An Evidence-First Pattern for AI Agents Monitoring Public Pages
Conclusion: For an AI agent that monitors authorized public pages, reliability comes from a disciplined retrieval layer: stable pacing, integrity signals, and evidence-first outputs, so alerts can be triaged instead of argued about.
AI workflow need
Teams ask an AI agent to watch public policy pages, status announcements, and release notes, then produce a change summary that can trigger engineering or operations work.
Proxy role
In this workflow, the agent depends on a managed retrieval layer to produce consistent, diagnosable results: final URL, body size, and key-block status. Without these, summaries can drift when inputs are incomplete.

Workflow
- Allowlisted targets: only monitor public URLs the business is authorized to track.

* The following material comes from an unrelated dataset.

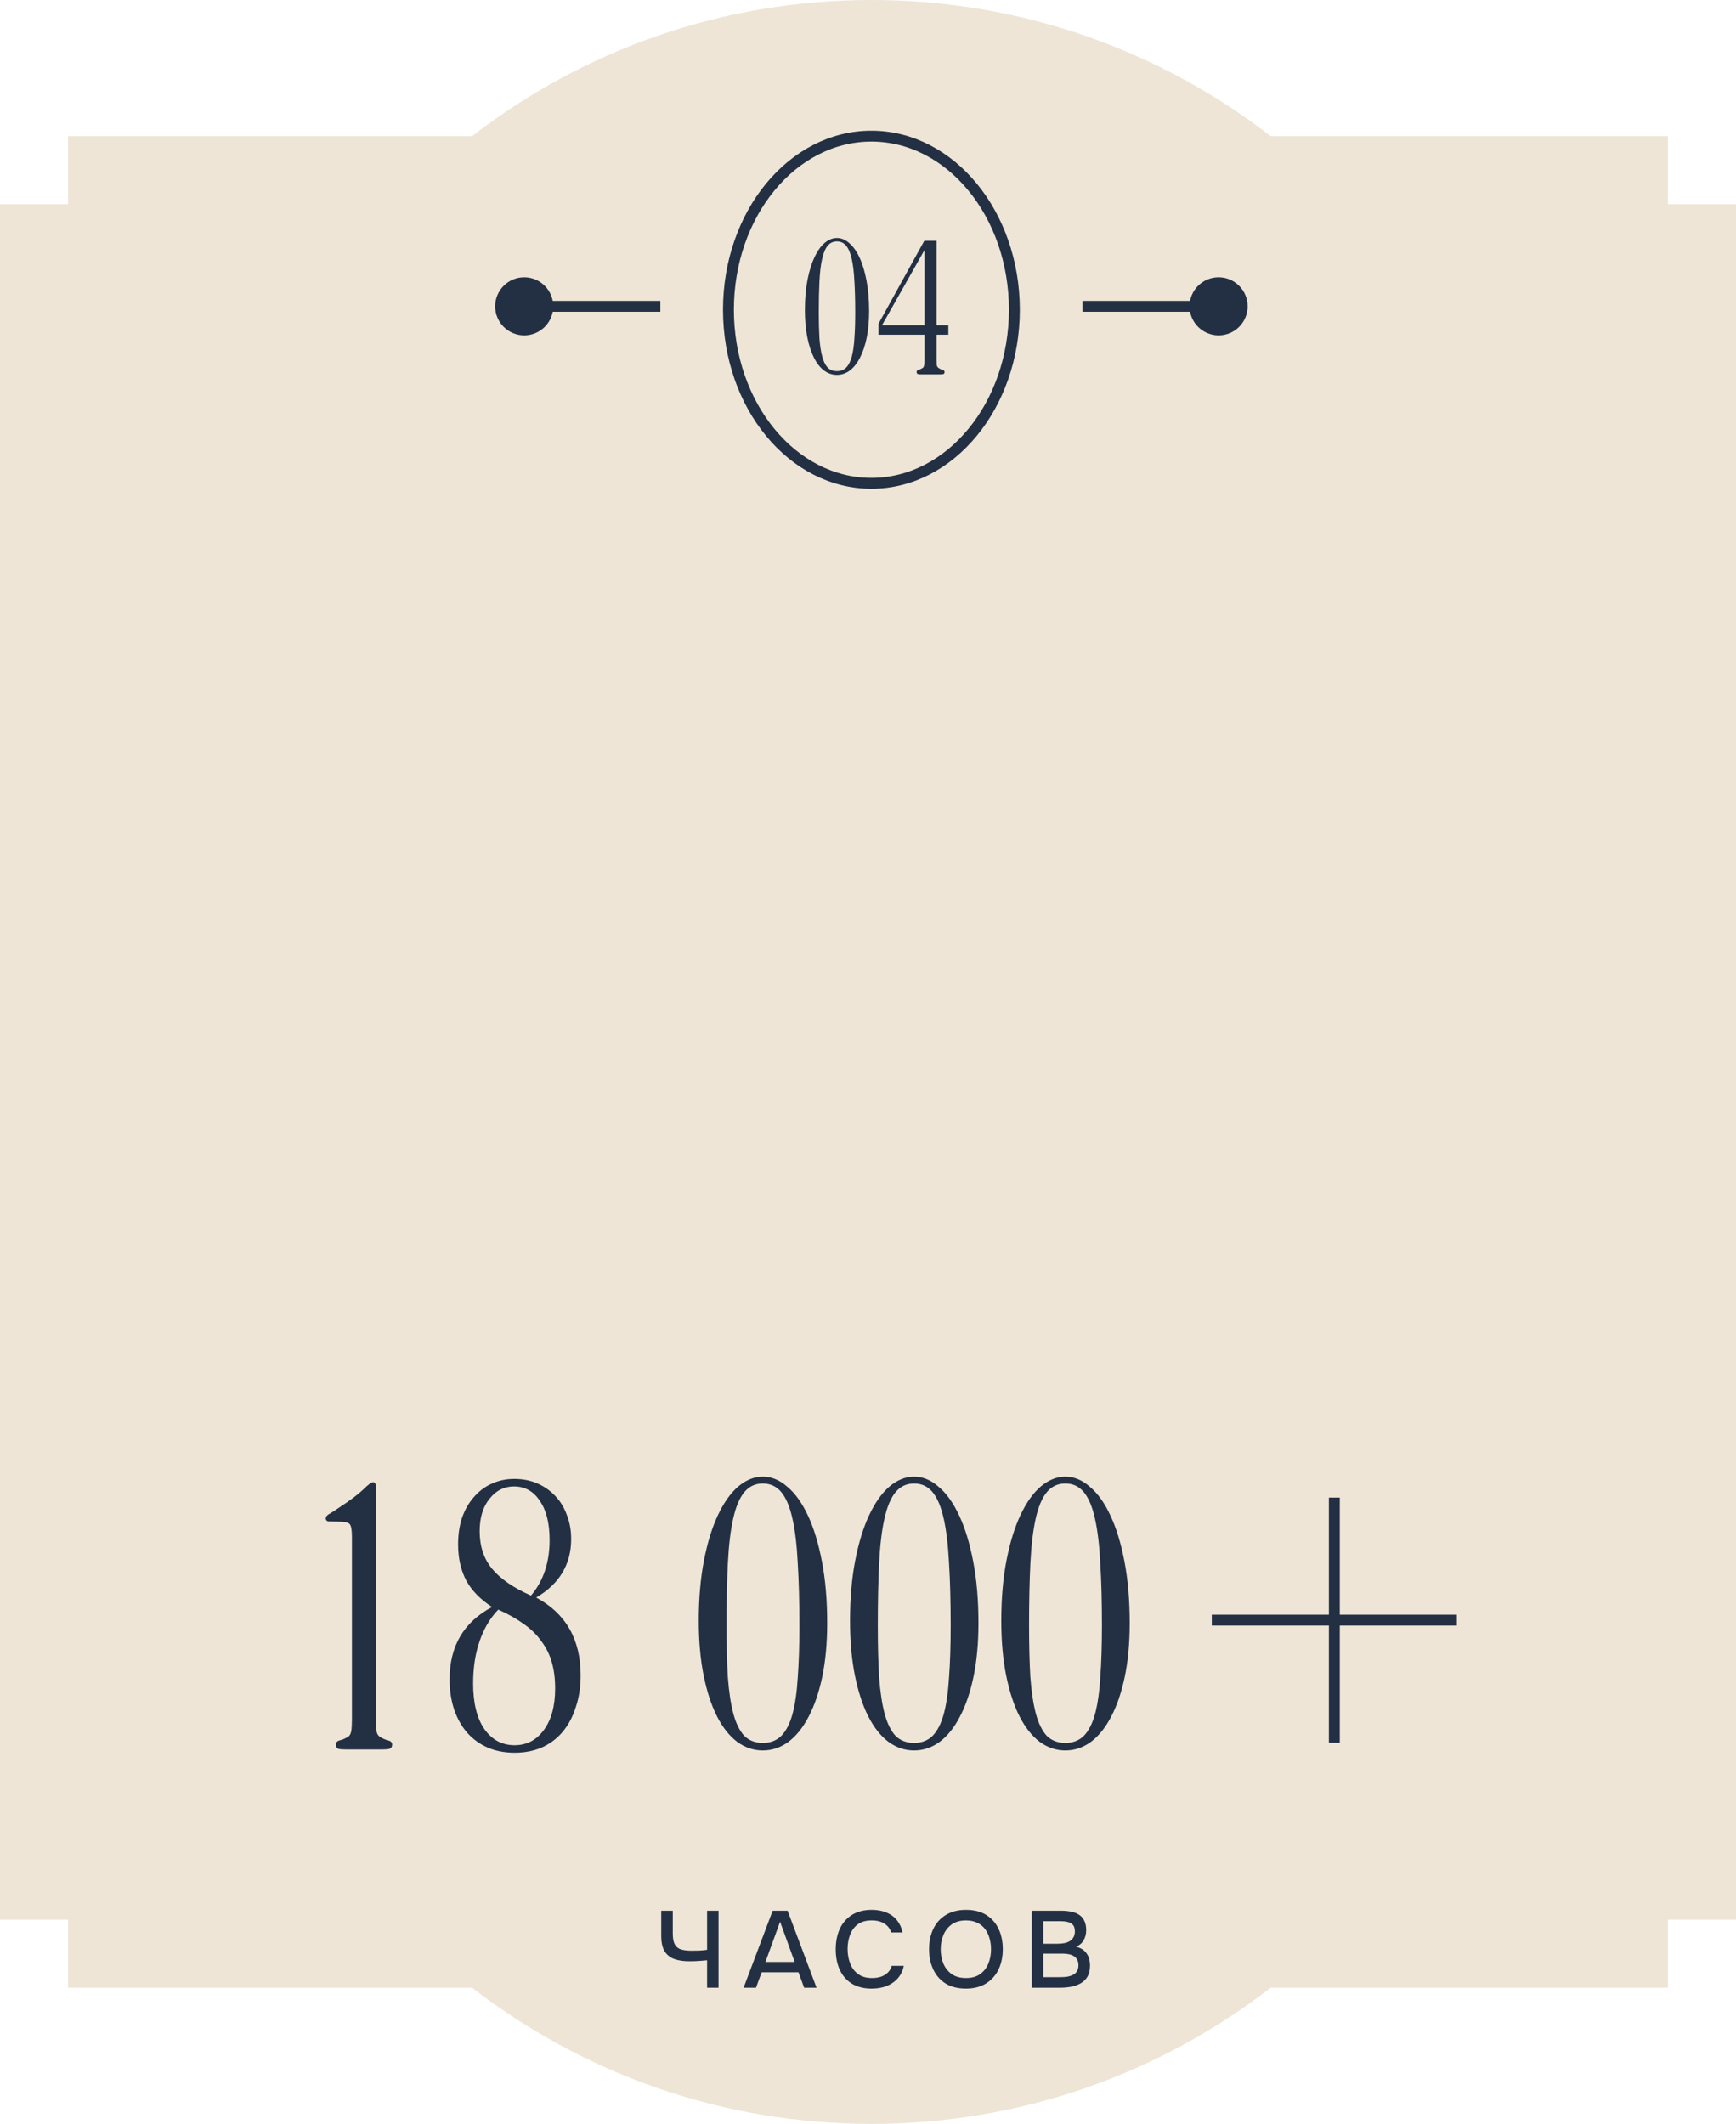 <?xml version="1.0" encoding="UTF-8"?> <svg xmlns="http://www.w3.org/2000/svg" width="255" height="312" viewBox="0 0 255 312" fill="none"><path d="M128 0C150.089 0 170.434 7.462 186.656 20H245V30H255V282H245V292H186.656C170.434 304.538 150.089 312 128 312C105.911 312 85.566 304.538 69.344 292H10V282H0V30H10V20H69.344C85.566 7.462 105.911 0 128 0Z" fill="#EEE5D6"></path><path d="M179 40.733C176.644 40.733 174.733 42.644 174.733 45C174.733 47.356 176.644 49.267 179 49.267C181.356 49.267 183.267 47.356 183.267 45C183.267 42.644 181.356 40.733 179 40.733ZM179 45L179 44.2L159 44.2L159 45L159 45.8L179 45.8L179 45Z" fill="#233044"></path><path d="M77 40.733C74.644 40.733 72.733 42.644 72.733 45C72.733 47.356 74.644 49.267 77 49.267C79.356 49.267 81.267 47.356 81.267 45C81.267 42.644 79.356 40.733 77 40.733ZM97 45L97 44.2L77 44.2L77 45L77 45.8L97 45.8L97 45Z" fill="#233044"></path><ellipse cx="128" cy="45.5" rx="21" ry="25.5" stroke="#233044" stroke-width="1.6"></ellipse><path d="M127.663 45.712C127.663 47.184 127.543 48.496 127.303 49.648C127.063 50.8 126.727 51.784 126.295 52.6C125.879 53.4 125.383 54.016 124.807 54.448C124.231 54.864 123.607 55.072 122.935 55.072C122.263 55.072 121.639 54.864 121.063 54.448C120.487 54.016 119.991 53.392 119.575 52.576C119.159 51.76 118.831 50.76 118.591 49.576C118.351 48.392 118.231 47.048 118.231 45.544C118.231 43.896 118.359 42.416 118.615 41.104C118.871 39.792 119.215 38.68 119.647 37.768C120.079 36.856 120.575 36.16 121.135 35.68C121.711 35.2 122.311 34.96 122.935 34.96C123.575 34.96 124.175 35.208 124.735 35.704C125.311 36.184 125.815 36.888 126.247 37.816C126.679 38.728 127.023 39.856 127.279 41.2C127.535 42.528 127.663 44.032 127.663 45.712ZM125.623 45.904C125.623 44.16 125.583 42.64 125.503 41.344C125.439 40.032 125.311 38.944 125.119 38.08C124.927 37.2 124.655 36.544 124.303 36.112C123.951 35.68 123.495 35.464 122.935 35.464C122.375 35.464 121.919 35.68 121.567 36.112C121.215 36.544 120.943 37.2 120.751 38.08C120.559 38.944 120.431 40.032 120.367 41.344C120.303 42.64 120.271 44.16 120.271 45.904C120.271 47.344 120.303 48.608 120.367 49.696C120.447 50.768 120.583 51.664 120.775 52.384C120.967 53.088 121.231 53.624 121.567 53.992C121.919 54.344 122.375 54.52 122.935 54.52C123.495 54.52 123.951 54.344 124.303 53.992C124.655 53.624 124.927 53.088 125.119 52.384C125.311 51.664 125.439 50.768 125.503 49.696C125.583 48.608 125.623 47.344 125.623 45.904ZM139.3 49.168H137.572V52.792C137.572 53.128 137.58 53.4 137.596 53.608C137.628 53.8 137.708 53.944 137.836 54.04C138.044 54.184 138.244 54.28 138.436 54.328C138.644 54.376 138.748 54.48 138.748 54.64C138.748 54.8 138.692 54.904 138.58 54.952C138.468 54.984 138.284 55 138.028 55H135.364C135.108 55 134.924 54.984 134.812 54.952C134.7 54.904 134.644 54.8 134.644 54.64C134.644 54.48 134.74 54.376 134.932 54.328C135.124 54.28 135.332 54.184 135.556 54.04C135.652 53.96 135.716 53.824 135.748 53.632C135.78 53.44 135.796 53.16 135.796 52.792V49.168H129.028V47.584L135.772 35.368H137.572V47.776H139.3V49.168ZM135.796 47.776V36.736L129.556 47.776H135.796Z" fill="#233044"></path><path d="M57.599 256.28C57.599 256.6 57.471 256.808 57.215 256.904C56.991 256.968 56.623 257 56.111 257H50.831C50.319 257 49.935 256.968 49.679 256.904C49.455 256.808 49.343 256.6 49.343 256.28C49.343 255.96 49.535 255.752 49.919 255.656C50.335 255.56 50.767 255.368 51.215 255.08C51.407 254.92 51.535 254.648 51.599 254.264C51.663 253.88 51.695 253.32 51.695 252.584V225.848C51.695 224.92 51.615 224.312 51.455 224.024C51.327 223.736 50.895 223.576 50.159 223.544L48.383 223.496C48.031 223.496 47.855 223.352 47.855 223.064C47.855 222.808 48.031 222.584 48.383 222.392C48.735 222.2 49.231 221.88 49.871 221.432C51.439 220.408 52.591 219.544 53.327 218.84C54.063 218.104 54.559 217.736 54.815 217.736C55.103 217.736 55.247 218.056 55.247 218.696V252.584C55.247 253.288 55.263 253.848 55.295 254.264C55.359 254.648 55.503 254.92 55.727 255.08C56.143 255.368 56.559 255.56 56.975 255.656C57.391 255.752 57.599 255.96 57.599 256.28ZM85.29 246.104C85.29 247.832 85.05 249.4 84.57 250.808C84.122 252.216 83.482 253.416 82.65 254.408C81.818 255.4 80.794 256.168 79.578 256.712C78.394 257.224 77.066 257.48 75.594 257.48C74.122 257.48 72.794 257.224 71.61 256.712C70.458 256.2 69.466 255.48 68.634 254.552C67.802 253.592 67.162 252.456 66.714 251.144C66.266 249.8 66.042 248.312 66.042 246.68C66.042 241.816 68.122 238.28 72.282 236.072C70.554 234.952 69.29 233.656 68.49 232.184C67.69 230.68 67.29 228.904 67.29 226.856C67.29 225.448 67.482 224.152 67.866 222.968C68.282 221.784 68.858 220.776 69.594 219.944C70.33 219.08 71.194 218.424 72.186 217.976C73.21 217.496 74.33 217.256 75.546 217.256C76.794 217.256 77.93 217.48 78.954 217.928C79.978 218.376 80.858 219 81.594 219.8C82.33 220.568 82.89 221.496 83.274 222.584C83.69 223.64 83.898 224.808 83.898 226.088C83.898 229.8 82.186 232.664 78.762 234.68C83.114 237.016 85.29 240.824 85.29 246.104ZM80.73 226.232C80.73 223.768 80.25 221.848 79.29 220.472C78.362 219.064 77.098 218.36 75.498 218.36C74.058 218.36 72.858 218.968 71.898 220.184C70.938 221.368 70.458 222.952 70.458 224.936C70.458 227.144 71.066 228.984 72.282 230.456C73.498 231.928 75.402 233.24 77.994 234.392C79.818 232.248 80.73 229.528 80.73 226.232ZM81.546 248.024C81.546 246.616 81.386 245.352 81.066 244.232C80.746 243.08 80.234 242.04 79.53 241.112C78.858 240.152 77.994 239.304 76.938 238.568C75.882 237.8 74.634 237.096 73.194 236.456C72.01 237.672 71.098 239.208 70.458 241.064C69.818 242.888 69.498 244.968 69.498 247.304C69.498 250.152 70.042 252.376 71.13 253.976C72.25 255.576 73.738 256.376 75.594 256.376C77.354 256.376 78.778 255.64 79.866 254.168C80.986 252.664 81.546 250.616 81.546 248.024ZM121.505 238.424C121.505 241.368 121.265 243.992 120.785 246.296C120.305 248.6 119.633 250.568 118.769 252.2C117.937 253.8 116.945 255.032 115.793 255.896C114.641 256.728 113.393 257.144 112.049 257.144C110.705 257.144 109.457 256.728 108.305 255.896C107.153 255.032 106.161 253.784 105.329 252.152C104.497 250.52 103.841 248.52 103.361 246.152C102.881 243.784 102.641 241.096 102.641 238.088C102.641 234.792 102.897 231.832 103.409 229.208C103.921 226.584 104.609 224.36 105.473 222.536C106.337 220.712 107.329 219.32 108.449 218.36C109.601 217.4 110.801 216.92 112.049 216.92C113.329 216.92 114.529 217.416 115.649 218.408C116.801 219.368 117.809 220.776 118.673 222.632C119.537 224.456 120.225 226.712 120.737 229.4C121.249 232.056 121.505 235.064 121.505 238.424ZM117.425 238.808C117.425 235.32 117.345 232.28 117.185 229.688C117.057 227.064 116.801 224.888 116.417 223.16C116.033 221.4 115.489 220.088 114.785 219.224C114.081 218.36 113.169 217.928 112.049 217.928C110.929 217.928 110.017 218.36 109.313 219.224C108.609 220.088 108.065 221.4 107.681 223.16C107.297 224.888 107.041 227.064 106.913 229.688C106.785 232.28 106.721 235.32 106.721 238.808C106.721 241.688 106.785 244.216 106.913 246.392C107.073 248.536 107.345 250.328 107.729 251.768C108.113 253.176 108.641 254.248 109.313 254.984C110.017 255.688 110.929 256.04 112.049 256.04C113.169 256.04 114.081 255.688 114.785 254.984C115.489 254.248 116.033 253.176 116.417 251.768C116.801 250.328 117.057 248.536 117.185 246.392C117.345 244.216 117.425 241.688 117.425 238.808ZM143.724 238.424C143.724 241.368 143.484 243.992 143.004 246.296C142.524 248.6 141.852 250.568 140.988 252.2C140.156 253.8 139.164 255.032 138.012 255.896C136.86 256.728 135.612 257.144 134.268 257.144C132.924 257.144 131.676 256.728 130.524 255.896C129.372 255.032 128.38 253.784 127.548 252.152C126.716 250.52 126.06 248.52 125.58 246.152C125.1 243.784 124.86 241.096 124.86 238.088C124.86 234.792 125.116 231.832 125.628 229.208C126.14 226.584 126.828 224.36 127.692 222.536C128.556 220.712 129.548 219.32 130.668 218.36C131.82 217.4 133.02 216.92 134.268 216.92C135.548 216.92 136.748 217.416 137.868 218.408C139.02 219.368 140.028 220.776 140.892 222.632C141.756 224.456 142.444 226.712 142.956 229.4C143.468 232.056 143.724 235.064 143.724 238.424ZM139.644 238.808C139.644 235.32 139.564 232.28 139.404 229.688C139.276 227.064 139.02 224.888 138.636 223.16C138.252 221.4 137.708 220.088 137.004 219.224C136.3 218.36 135.388 217.928 134.268 217.928C133.148 217.928 132.236 218.36 131.532 219.224C130.828 220.088 130.284 221.4 129.9 223.16C129.516 224.888 129.26 227.064 129.132 229.688C129.004 232.28 128.94 235.32 128.94 238.808C128.94 241.688 129.004 244.216 129.132 246.392C129.292 248.536 129.564 250.328 129.948 251.768C130.332 253.176 130.86 254.248 131.532 254.984C132.236 255.688 133.148 256.04 134.268 256.04C135.388 256.04 136.3 255.688 137.004 254.984C137.708 254.248 138.252 253.176 138.636 251.768C139.02 250.328 139.276 248.536 139.404 246.392C139.564 244.216 139.644 241.688 139.644 238.808ZM165.942 238.424C165.942 241.368 165.702 243.992 165.222 246.296C164.742 248.6 164.07 250.568 163.206 252.2C162.374 253.8 161.382 255.032 160.23 255.896C159.078 256.728 157.83 257.144 156.486 257.144C155.142 257.144 153.894 256.728 152.742 255.896C151.59 255.032 150.598 253.784 149.766 252.152C148.934 250.52 148.278 248.52 147.798 246.152C147.318 243.784 147.078 241.096 147.078 238.088C147.078 234.792 147.334 231.832 147.846 229.208C148.358 226.584 149.046 224.36 149.91 222.536C150.774 220.712 151.766 219.32 152.886 218.36C154.038 217.4 155.238 216.92 156.486 216.92C157.766 216.92 158.966 217.416 160.086 218.408C161.238 219.368 162.246 220.776 163.11 222.632C163.974 224.456 164.662 226.712 165.174 229.4C165.686 232.056 165.942 235.064 165.942 238.424ZM161.862 238.808C161.862 235.32 161.782 232.28 161.622 229.688C161.494 227.064 161.238 224.888 160.854 223.16C160.47 221.4 159.926 220.088 159.222 219.224C158.518 218.36 157.606 217.928 156.486 217.928C155.366 217.928 154.454 218.36 153.75 219.224C153.046 220.088 152.502 221.4 152.118 223.16C151.734 224.888 151.478 227.064 151.35 229.688C151.222 232.28 151.158 235.32 151.158 238.808C151.158 241.688 151.222 244.216 151.35 246.392C151.51 248.536 151.782 250.328 152.166 251.768C152.55 253.176 153.078 254.248 153.75 254.984C154.454 255.688 155.366 256.04 156.486 256.04C157.606 256.04 158.518 255.688 159.222 254.984C159.926 254.248 160.47 253.176 160.854 251.768C161.238 250.328 161.494 248.536 161.622 246.392C161.782 244.216 161.862 241.688 161.862 238.808Z" fill="#233044"></path><path d="M196 220V256" stroke="#233044" stroke-width="1.6"></path><path d="M214 238L178 238" stroke="#233044" stroke-width="1.6"></path><path d="M103.864 292V287.968C103.48 288 103.16 288.027 102.904 288.048C102.659 288.069 102.408 288.085 102.152 288.096C101.907 288.107 101.603 288.112 101.24 288.112C100.376 288.112 99.635 288 99.016 287.776C98.408 287.541 97.939 287.157 97.608 286.624C97.288 286.08 97.128 285.333 97.128 284.384V280.688H98.824V284.048C98.824 284.731 98.92 285.253 99.112 285.616C99.304 285.979 99.603 286.229 100.008 286.368C100.424 286.496 100.947 286.56 101.576 286.56C101.896 286.56 102.27 286.555 102.696 286.544C103.134 286.523 103.523 286.485 103.864 286.432V280.688H105.544V292H103.864ZM109.224 292L113.496 280.688H115.688L119.944 292H118.12L117.288 289.728H111.88L111.048 292H109.224ZM112.44 288.208H116.728L114.584 282.304L112.44 288.208ZM128.039 292.128C126.876 292.128 125.9 291.883 125.111 291.392C124.332 290.901 123.745 290.224 123.351 289.36C122.956 288.496 122.759 287.499 122.759 286.368C122.759 285.237 122.956 284.235 123.351 283.36C123.756 282.485 124.348 281.803 125.127 281.312C125.916 280.811 126.892 280.56 128.055 280.56C128.897 280.56 129.633 280.699 130.263 280.976C130.892 281.243 131.399 281.627 131.783 282.128C132.177 282.619 132.439 283.205 132.567 283.888H130.903C130.743 283.344 130.417 282.912 129.927 282.592C129.436 282.272 128.807 282.112 128.039 282.112C127.185 282.112 126.497 282.309 125.975 282.704C125.463 283.099 125.089 283.616 124.855 284.256C124.62 284.885 124.503 285.568 124.503 286.304C124.503 287.061 124.625 287.765 124.871 288.416C125.116 289.067 125.505 289.589 126.039 289.984C126.572 290.379 127.255 290.576 128.087 290.576C128.599 290.576 129.052 290.507 129.447 290.368C129.841 290.219 130.172 290.011 130.439 289.744C130.705 289.467 130.887 289.147 130.983 288.784H132.759C132.62 289.477 132.337 290.075 131.911 290.576C131.484 291.077 130.945 291.461 130.295 291.728C129.644 291.995 128.892 292.128 128.039 292.128ZM141.875 292.128C140.713 292.128 139.726 291.883 138.915 291.392C138.115 290.891 137.507 290.203 137.091 289.328C136.675 288.453 136.467 287.461 136.467 286.352C136.467 285.232 136.675 284.235 137.091 283.36C137.507 282.485 138.121 281.803 138.931 281.312C139.742 280.811 140.729 280.56 141.891 280.56C143.065 280.56 144.051 280.805 144.851 281.296C145.651 281.787 146.259 282.469 146.675 283.344C147.091 284.219 147.299 285.216 147.299 286.336C147.299 287.445 147.091 288.437 146.675 289.312C146.259 290.187 145.646 290.875 144.835 291.376C144.035 291.877 143.049 292.128 141.875 292.128ZM141.891 290.576C142.745 290.576 143.443 290.379 143.987 289.984C144.531 289.589 144.931 289.072 145.187 288.432C145.443 287.792 145.571 287.099 145.571 286.352C145.571 285.787 145.497 285.248 145.347 284.736C145.209 284.224 144.99 283.771 144.691 283.376C144.393 282.981 144.009 282.672 143.539 282.448C143.07 282.224 142.521 282.112 141.891 282.112C141.049 282.112 140.35 282.309 139.795 282.704C139.251 283.099 138.846 283.616 138.579 284.256C138.313 284.896 138.179 285.595 138.179 286.352C138.179 287.099 138.307 287.792 138.563 288.432C138.83 289.072 139.235 289.589 139.779 289.984C140.334 290.379 141.038 290.576 141.891 290.576ZM151.55 292V280.688H155.854C156.398 280.688 156.894 280.736 157.342 280.832C157.8 280.917 158.195 281.072 158.526 281.296C158.856 281.509 159.107 281.803 159.278 282.176C159.459 282.539 159.55 282.997 159.55 283.552C159.55 284.096 159.427 284.587 159.182 285.024C158.936 285.451 158.563 285.771 158.062 285.984C158.734 286.133 159.24 286.448 159.582 286.928C159.934 287.397 160.11 288.005 160.11 288.752C160.11 289.381 159.992 289.909 159.758 290.336C159.523 290.752 159.198 291.083 158.782 291.328C158.366 291.573 157.886 291.749 157.342 291.856C156.808 291.952 156.238 292 155.63 292H151.55ZM153.246 290.448H155.662C155.982 290.448 156.302 290.432 156.622 290.4C156.942 290.357 157.235 290.277 157.502 290.16C157.779 290.043 157.998 289.867 158.158 289.632C158.328 289.397 158.414 289.083 158.414 288.688C158.414 288.357 158.35 288.085 158.222 287.872C158.094 287.648 157.923 287.472 157.71 287.344C157.496 287.216 157.246 287.125 156.958 287.072C156.68 287.019 156.392 286.992 156.094 286.992H153.246V290.448ZM153.246 285.536H155.39C155.752 285.536 156.083 285.504 156.382 285.44C156.691 285.376 156.958 285.269 157.182 285.12C157.406 284.971 157.576 284.784 157.694 284.56C157.822 284.336 157.886 284.059 157.886 283.728C157.886 283.291 157.79 282.971 157.598 282.768C157.406 282.555 157.144 282.411 156.814 282.336C156.494 282.261 156.136 282.224 155.742 282.224H153.246V285.536Z" fill="#233044"></path></svg>

- Evidence capture: record final URL, timing, and body size for each run.
- Integrity gating: require key-block sentinels before emitting a “page changed” conclusion.
- Outputs: emit a short change summary plus evidence fields, and route integrity failures to diagnostics.
Risk boundaries
Keep sampling rates reasonable, cap retries, and avoid collecting sensitive data. Treat retrieval evidence as operational metadata, not as a data lake of page content.
FAQ
What should the agent do when integrity signals fail?
Label it as a retrieval integrity incident and provide evidence fields (final URL, body size, sentinel status) so a human can triage quickly.
How do we reduce false alarms?
Use multiple signals: body size baselines plus sentinels. Require consistency across repeated samples before escalating.